Du point de vue musical, il est bien difficile de trouver ce point de rupture entre le moyen âge et la renaissance car il y a une continuité extraordinaire à cause de l’école franco-flamande. Ce point de rupture serait justement à l’époque de Josquin car sa vie s’équilibre parfaitement autour de 1500 mais au fond Josquin représente plutôt l’aboutissement des styles antérieurs (c’est la synthèse du contrepoint franco-flamand avec la vocalité italienne). En même temps, ce qui verront en Josquin un compositeur renaissant vont mettre en avant le langage expressif, le style expressif, le rapport avec le texte. D’autres vont voir la rupture ailleurs et vont dire que cette rupture s’effectue surtout vers 1420 c’est à dire à l’époque de Dufay (ce qui n’est pas faux car c’est bien en abandonnant le style ars noviste et la conception mathématique de la musique, pour en venir à une conception plus spontanée, plus simple, que se situerai déjà peut-être la renaissance musicale). Cependant ni Dufay, ni Josquin ne sont encore renaissants : certes ils sont très novateurs pour leur époque mais il ne suffit pas d’être novateur pour être renaissant (d’ailleurs Josquin jouit d’une telle popularité, d’une telle renommée qu’il reste très en vogue jusqu’en 1640 au moins). En fait, il faut attendre la dernière partie du 16ème siècle pour que se généralisent des éléments de style nouveaux.

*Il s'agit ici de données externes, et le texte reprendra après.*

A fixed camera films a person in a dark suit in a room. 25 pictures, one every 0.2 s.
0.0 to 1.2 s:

Ces éléments nouveaux typiquement renaissants sont : l’écriture en double-chœur (chez Josquin cela était vraiment embryonnaire car il faisait 2 voix + 2 voix alors qu’à présent on fera du 4 voix + 4 voix), la voix unique accompagnée, émergence d’un répertoire instrumental important, domination du vertical harmonique, systématisation des accords parfaits, relations de plus en plus étroites entre le texte et la musique (par exemple, dans le madrigal italien avec les madrigalismes), conquête définitive de l’expression.
Le début de cette renaissance musicale est donc bien difficile à déterminer et on pourrait plutôt chercher, même si c’est contourner l’obstacle, la fin de l’esprit médiéval : Josquin quitte l’esprit médiéval, la pensée médiévale mais ce n’est pas pour autant qu’il est déjà renaissant.

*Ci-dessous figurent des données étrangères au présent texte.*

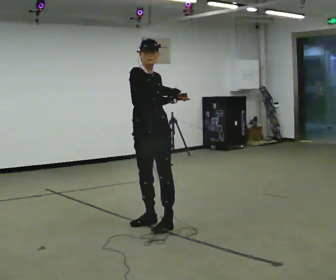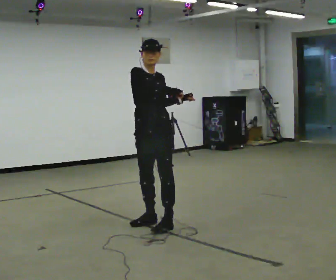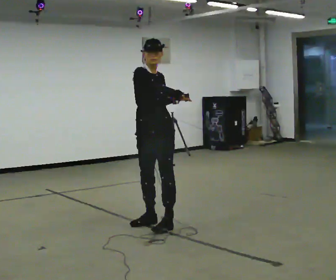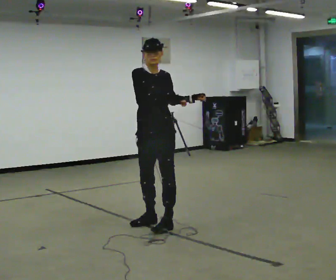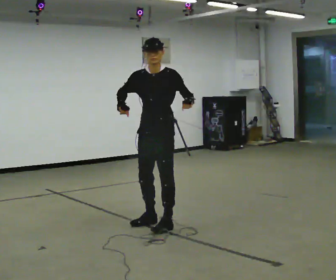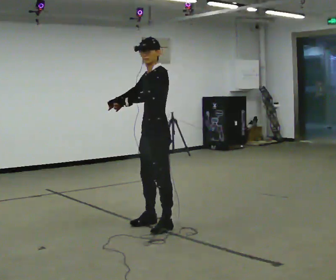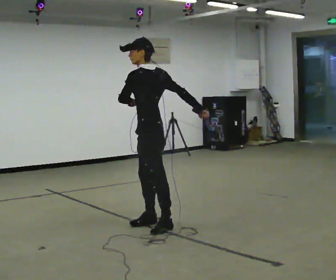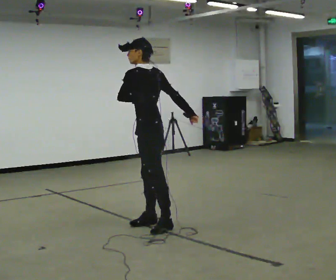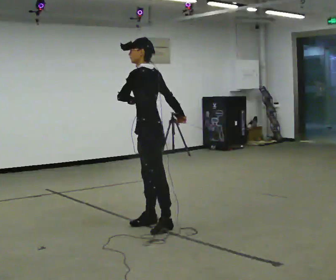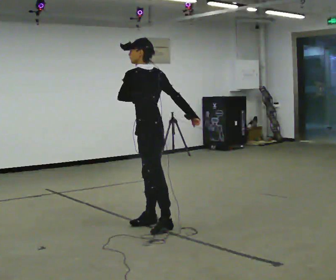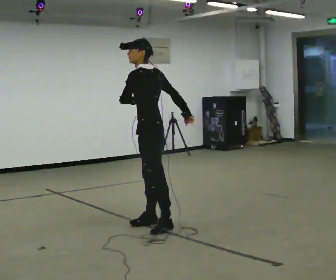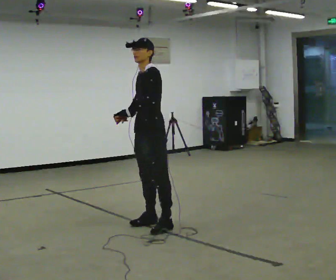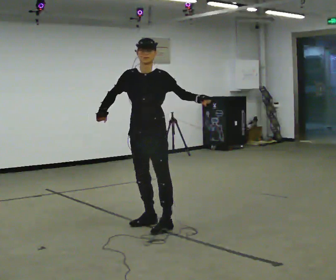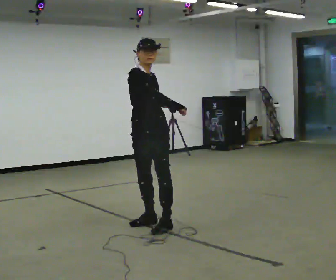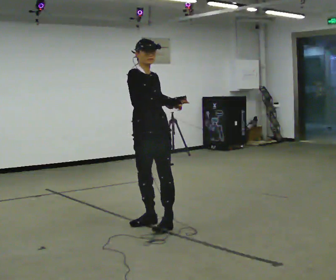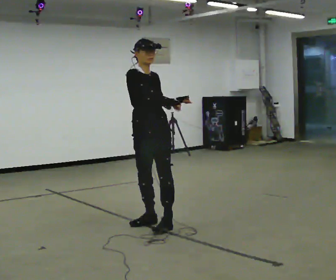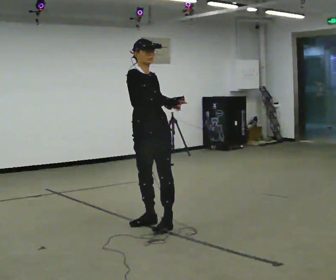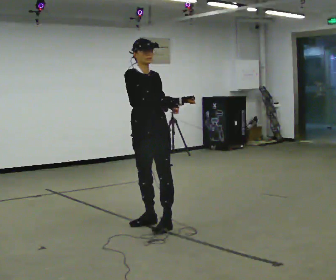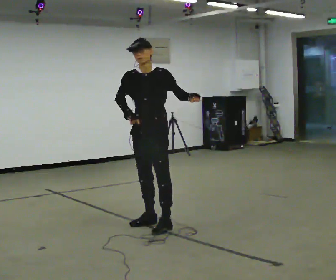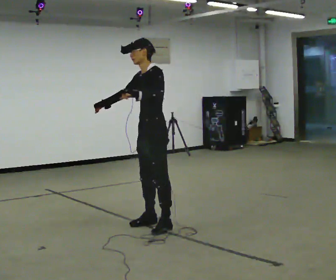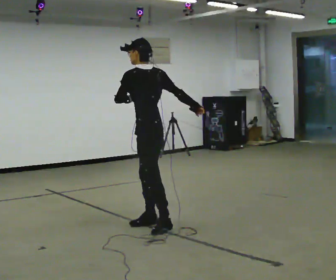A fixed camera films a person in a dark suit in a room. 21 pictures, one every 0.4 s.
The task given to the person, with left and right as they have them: Keeping your feet still, turn your upper body to look behind you on one side, return to the front, then turn to the other side. Repeat the movement at your own pace until the operator says stop; do not rush.
0.0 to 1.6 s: Seen from above the body turns clockwise, about 45 degrees: to their right, with its near side sliding to the left. In the picture their right hand goes to the left.
1.6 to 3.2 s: The part of the body nearest the lens slides to the left as the person turns to their right by about 75 degrees. In the picture their right hand goes to the right.
3.2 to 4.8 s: The person turns about 90 degrees to their left, counterclockwise seen from above, so the part of the body nearest the lens slides to the right. In the picture their right hand goes to the left, the arm swinging clockwise.
4.8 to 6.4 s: The part of the body nearest the lens slides to the right as the person turns to their left by about 45 degrees. In the picture their right hand goes to the right, the arm swinging counterclockwise.
6.4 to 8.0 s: Seen from above the body turns clockwise, about 135 degrees: to their right, with its near side sliding to the left. In the picture their left hand goes to the left.
The film runs forward here.

Un des points importants qui marque la renaissance c’est avant tout l’imitation de l’antiquité (les musiciens n’y seront pas toujours très sensibles ou croiront l’être). L’imitation de l’antique est le point essentiel de l’esthétique renaissante. Le modèle que l’on va imiter c’est le monde gréco-romain. On abandonne donc tout le vocabulaire médiéval pour se tourner vers ce monde antique (ce qui se retrouve dans l’architecture). Il faut cependant faire attention car l’imitation de l’antiquité n’est pas une copie (imiter l’antiquité c’est s’en inspirer pour la dépasser). Dans l’idée d’Imitation il y a des idées de dépassement permanent du modèle. La musique va marquer quelques retards en ce domaine par rapports aux arts plastiques puisque le mouvement antiquisant n’apparaîtra qu’a partir de le 2ème moitié du siècle (cela se conçoit car on ignore tout de la musique de l’Antiquité [on connaît sa théorie mais les gens du moyen âge la connaissaient aussi…]). Imiter l’antiquité n’est donc pas simple… Un des fruits les plus importants de l’Antiquité sera le chromatisme (on sait que les grecs avait un genre chromatique), ainsi on invente un nouveau chromatisme (qui n’a plus rien à voir avec celui des grecs) qui est le chromatisme harmonique (qui va être un des éléments importants du langage de la Renaissance après 1550). Une autre invention est la mesure à l’antique (qui sera un fiasco total), puis vient ensuite le récitatif (qui continuera son chemin au baroque et au-delà encore ; en effet le récitatif est le moyen supposé du théâtre grec).
Mis à part cette imitation de l’antiquité, il y a aussi l’humanisme. L’humanisme est le fruit de l’imitation de l’Antiquité, il en découle. Il se traduit par un goût de l’expérimentation. Puisqu’on ne reproduit plus un modèle, il faut bien expérimenter de nouvelles choses en se fondant sur sa propre expérience : cela nécessite une confiance en soi et un décloisonnement des disciplines.
La conséquence musicale de l’humanisme c’est avant tout l’expression des passions humaines, la mise en valeur des textes. La musique se fait attentive au mot et elle se fait attentive à la pensée qui en découle (on a pas attendu le baroque pour cela [avec la théorie des passions]). La conséquence de cela est un goût pour le verticalisme, l’harmonie et un goût pour l’écriture monodique.
Le dernier aspect fort important de cette Renaissance c’est tout le mouvement religieux de réforme protestante et de contre-réforme. La réforme protestante va susciter un immense renouveau qui dépasse le domaine religieux, théologique. Cette réforme aura des conséquences artistiques profondes mais aussi des conséquences morales et politiques. Une des conséquences de la réforme sera l’effort du monde catholique pour reconstruire le catholicisme ébranlé par la réforme (c’est ce qu’on appellera la réforme catholique ou contre-réforme, tout cela sous l’égide de Rome). Cette réforme catholique va donner un coup d’accélérateur énorme à la production de musique religieuse. Cette réforme catholique est scellée dans les actes et dans les travaux du Concile de Trente qui s’est achevé en 1563. Ce Concile de Trente fixe les critères musicaux de la contre-réforme : il prône le retour à un langage clair qui préserve l’intelligibilité des paroles. Un autre synonyme de « réforme catholique » ou de « contre-réforme » est « réforme tridentine » (expression qui découle de la ville de Trente). Les principes tridentins vont pour certains conduire à une certaine modernité (sens du texte, …) et pour d’autres à un certain académisme. Le musicien religieux personnifiant, incarnant les principes tridentins est Palestrina.
A ce sujet voire l’ouvrage de Paul FAURE : « La Renaissance », Paris, PUF, collection Que sais-je ? n° 345.